┏━━
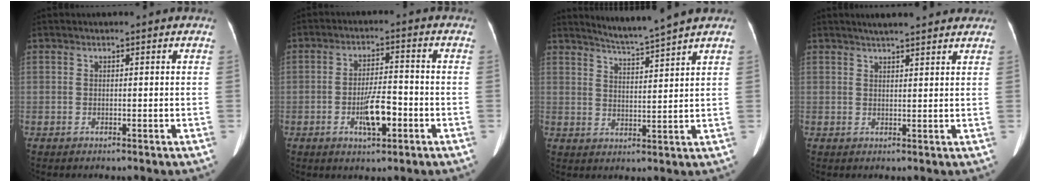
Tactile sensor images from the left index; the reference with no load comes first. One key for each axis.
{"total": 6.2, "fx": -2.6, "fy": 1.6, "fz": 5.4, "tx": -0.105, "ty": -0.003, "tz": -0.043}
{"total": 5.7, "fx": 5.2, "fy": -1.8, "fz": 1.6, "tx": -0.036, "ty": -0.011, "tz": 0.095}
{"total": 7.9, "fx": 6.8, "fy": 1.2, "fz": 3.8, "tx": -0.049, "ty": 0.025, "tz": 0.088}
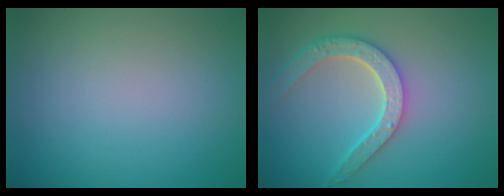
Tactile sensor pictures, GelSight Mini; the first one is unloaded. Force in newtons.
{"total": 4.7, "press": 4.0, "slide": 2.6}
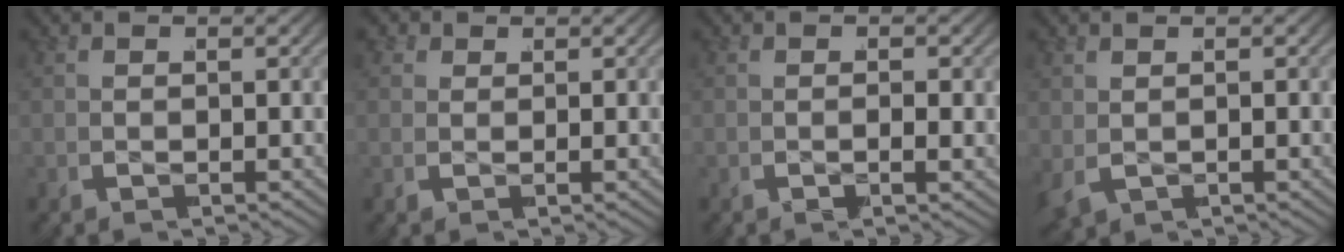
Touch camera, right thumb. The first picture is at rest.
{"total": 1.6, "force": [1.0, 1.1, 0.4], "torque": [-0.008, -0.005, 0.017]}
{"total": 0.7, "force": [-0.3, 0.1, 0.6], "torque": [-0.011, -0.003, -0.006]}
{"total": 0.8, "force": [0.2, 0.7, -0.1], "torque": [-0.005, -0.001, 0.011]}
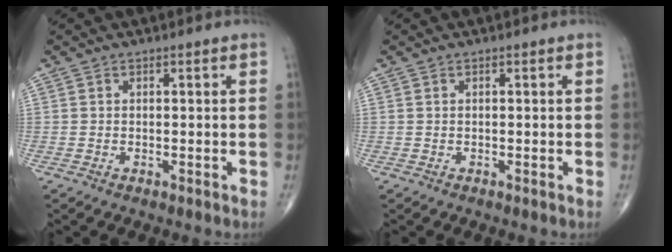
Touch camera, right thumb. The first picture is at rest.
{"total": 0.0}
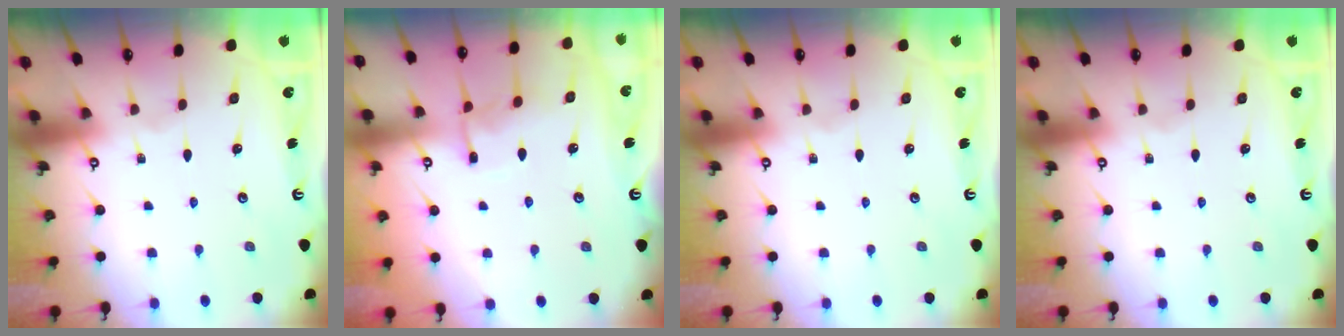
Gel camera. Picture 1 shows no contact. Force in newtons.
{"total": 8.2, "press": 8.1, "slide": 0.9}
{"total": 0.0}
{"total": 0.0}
┗━━
■ Exercise details: Write every record out again exactly as written. Pictures don't belong in the copy.

■ Written reply:
Tactile sensor images from the left index; the reference with no load comes first. One key for each axis.
{"total": 6.2, "fx": -2.6, "fy": 1.6, "fz": 5.4, "tx": -0.105, "ty": -0.003, "tz": -0.043}
{"total": 5.7, "fx": 5.2, "fy": -1.8, "fz": 1.6, "tx": -0.036, "ty": -0.011, "tz": 0.095}
{"total": 7.9, "fx": 6.8, "fy": 1.2, "fz": 3.8, "tx": -0.049, "ty": 0.025, "tz": 0.088}
Tactile sensor pictures, GelSight Mini; the first one is unloaded. Force in newtons.
{"total": 4.7, "press": 4.0, "slide": 2.6}
Touch camera, right thumb. The first picture is at rest.
{"total": 1.6, "force": [1.0, 1.1, 0.4], "torque": [-0.008, -0.005, 0.017]}
{"total": 0.7, "force": [-0.3, 0.1, 0.6], "torque": [-0.011, -0.003, -0.006]}
{"total": 0.8, "force": [0.2, 0.7, -0.1], "torque": [-0.005, -0.001, 0.011]}
Touch camera, right thumb. The first picture is at rest.
{"total": 0.0}
Gel camera. Picture 1 shows no contact. Force in newtons.
{"total": 8.2, "press": 8.1, "slide": 0.9}
{"total": 0.0}
{"total": 0.0}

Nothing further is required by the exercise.